Becoming aware of that which you are unaware of
This has been a major theme of my journey since getting a diagnosis - becoming aware of that which I was previously unaware of.
It has taken me a long time to realise that pressure is quite important for me and that sound can be an issue for me too, so I have to wonder how much else there is that I'm simply unaware of.
Another thing is that when someone asks me about my awareness of, say, non-verbal communication, how can I possibly say? To say implies that I know that others percieve more than I do, which is particularly difficult for me since I've always operated under the assumption that everyone else has pretty much exactly the same information to work with as myself, so until the diagnosis I just tended to assume that people are overly presumptuous.
Moving on... When I got my coloured glasses, one of the effects I noticed was quite obscure - something that I wouldn't've picked up on had I not very recently realised my problem in that area (being unable to sense a connection with someone/appreciate their company when not directly interacting). So this indicates that there are probably a number of effects that the glasses have on me that I'm simply not aware of.
So right now it happens to be timely that I try to work out if and how my executive functioning is affected, and I'm confronted with the same bizarre situation where I have to try to become aware of that which I'm unaware of.
I welcome and encourage personal reflections forthwith.
I think it's quite difficult to develop self-awareness, and in my experience it only comes in retrospect, sometimes after a number of years.
I have chronic fatigue and for a long time I thought I was just lazy and that other people had more fortitude and drive than I did. But understanding fatigue is a lot easier than understanding the subtleties (and sometimes not so subtle issues) of AS.

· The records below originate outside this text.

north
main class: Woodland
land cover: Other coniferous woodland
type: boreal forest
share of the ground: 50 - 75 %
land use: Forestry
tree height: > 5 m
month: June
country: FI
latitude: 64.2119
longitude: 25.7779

I used to think that other people thought the same way I do, and I would get angry and frustrated that they were so obtuse, and sometimes, it seemed to me, so dumb. It took me a long time to appreciate that other people just see things differently, and that I have to suspend my judgment to try to accept and take in their point of view. I'm still not very good at it.

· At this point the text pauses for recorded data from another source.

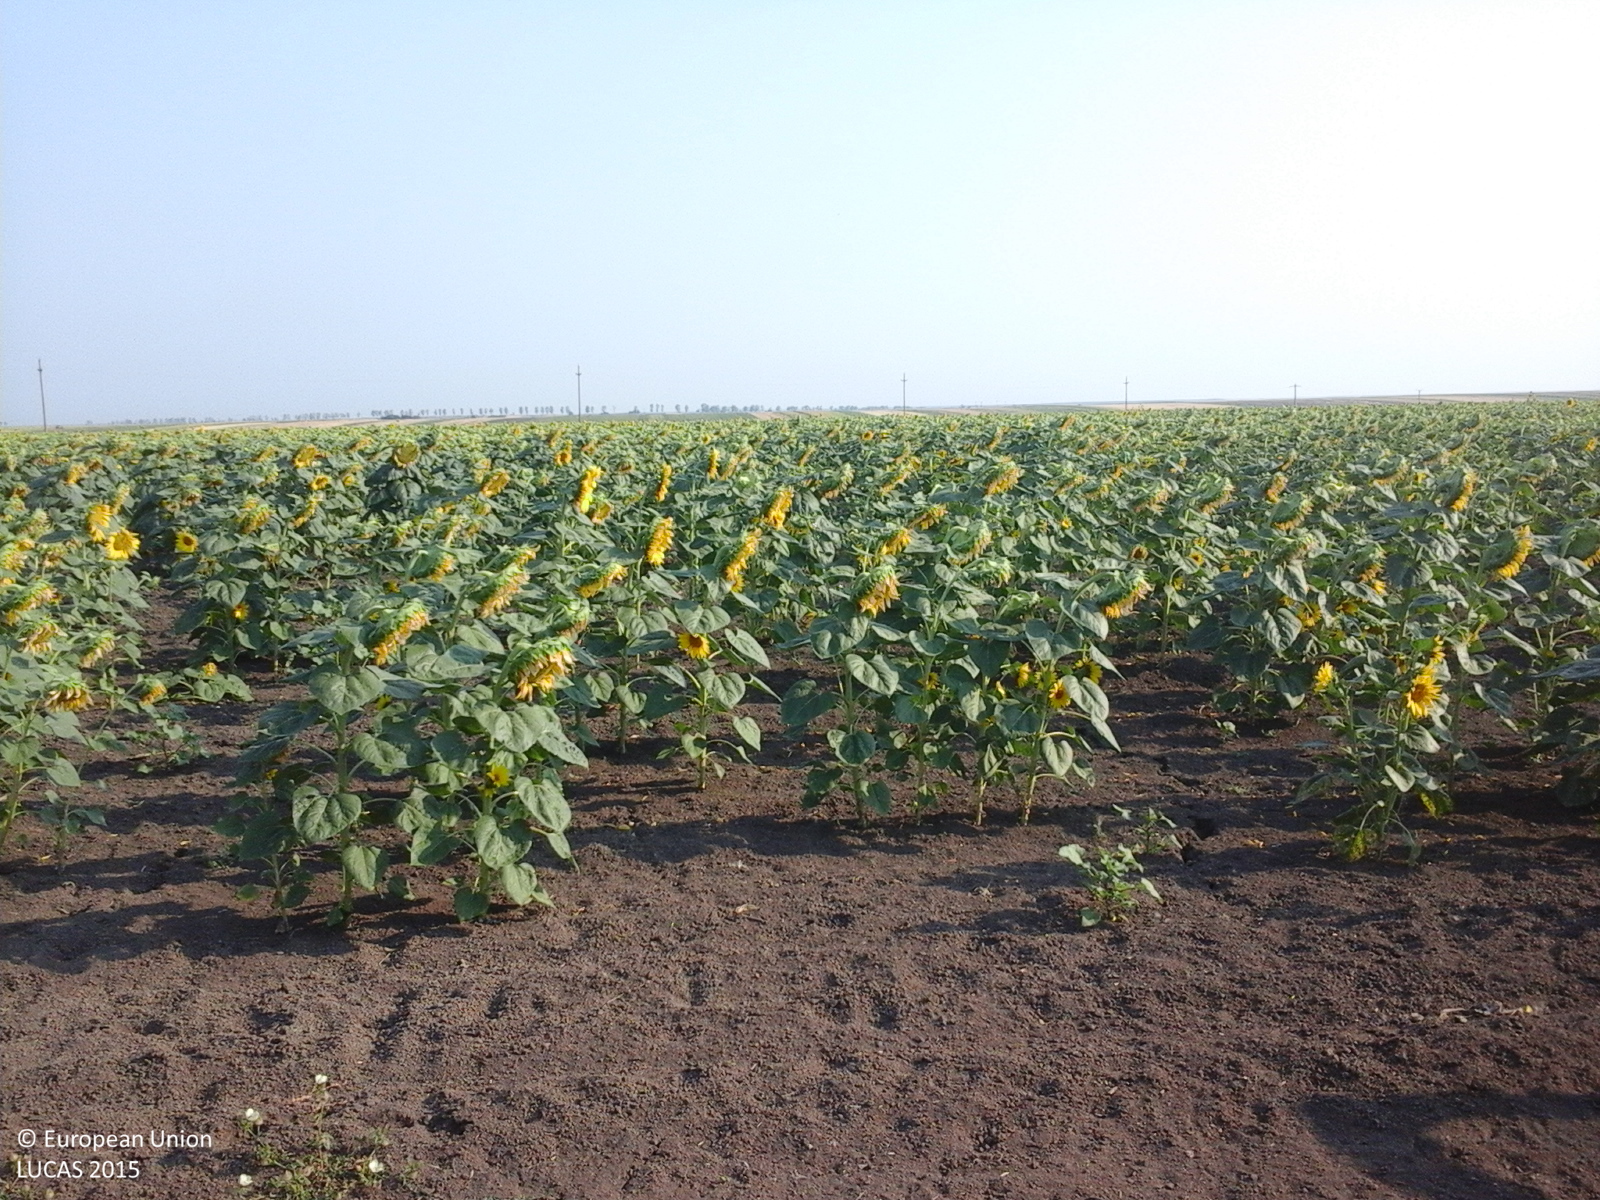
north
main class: Cropland
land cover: Sunflower
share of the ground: > 75 %
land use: Agriculture (excluding fallow land and kitchen gardens)
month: August
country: RO
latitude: 44.4244
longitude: 23.2756

I have gotten myself into bad situations in the past by being too inflexible and too angry, and unable to see that other people had motives that were hidden to me. I don't know that I would be better able to cope with it now, other than I am less likely to jump to conclusions, and also less likely to stick my neck out, especially when I perceive some injustice, which was the one thing that always made my blood boil.

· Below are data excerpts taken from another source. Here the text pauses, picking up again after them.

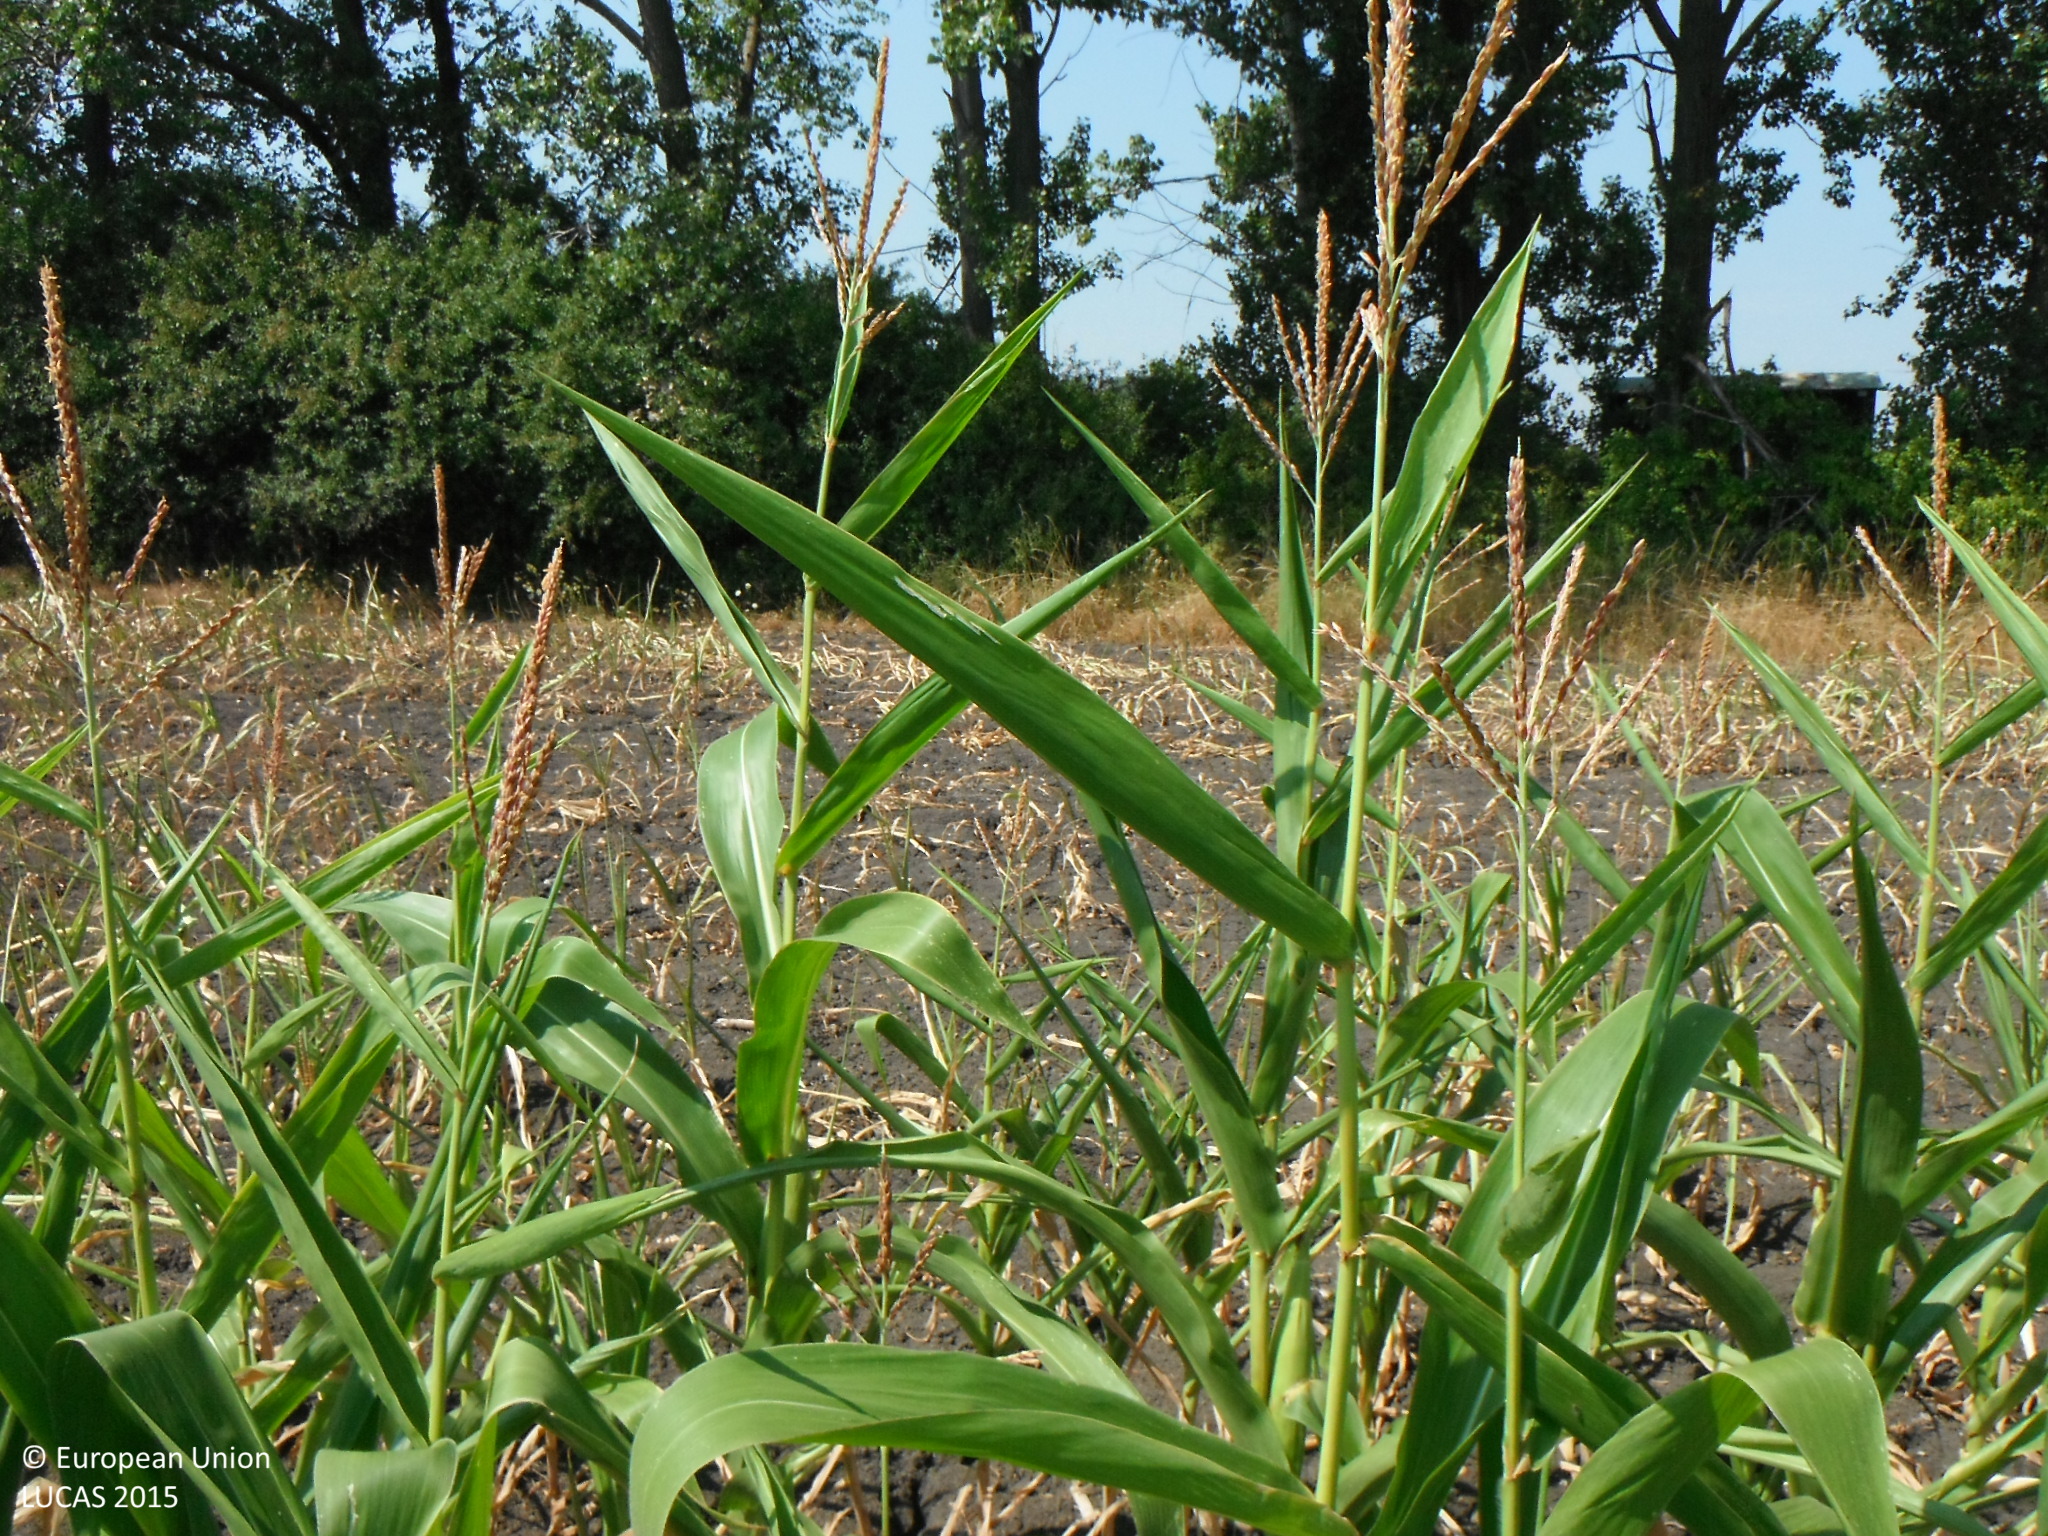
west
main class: Cropland
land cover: Maize
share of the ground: > 75 %
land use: Agriculture (excluding fallow land and kitchen gardens)
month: August
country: SK
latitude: 48.0773
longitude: 18.2421

There are other things I know now, since I have discovered that I am on the spectrum, like the fact that my skin is very sensitive to touch and pain, and that not everyone experiences that in the same way. Or that when I get overwhelmed by having too many people around, it's not the same for others and that's why they can't understand why I react so badly, sometimes by yelling or crying, or going into full meltdown mode. I had no idea until recently that meltdowns were AS related.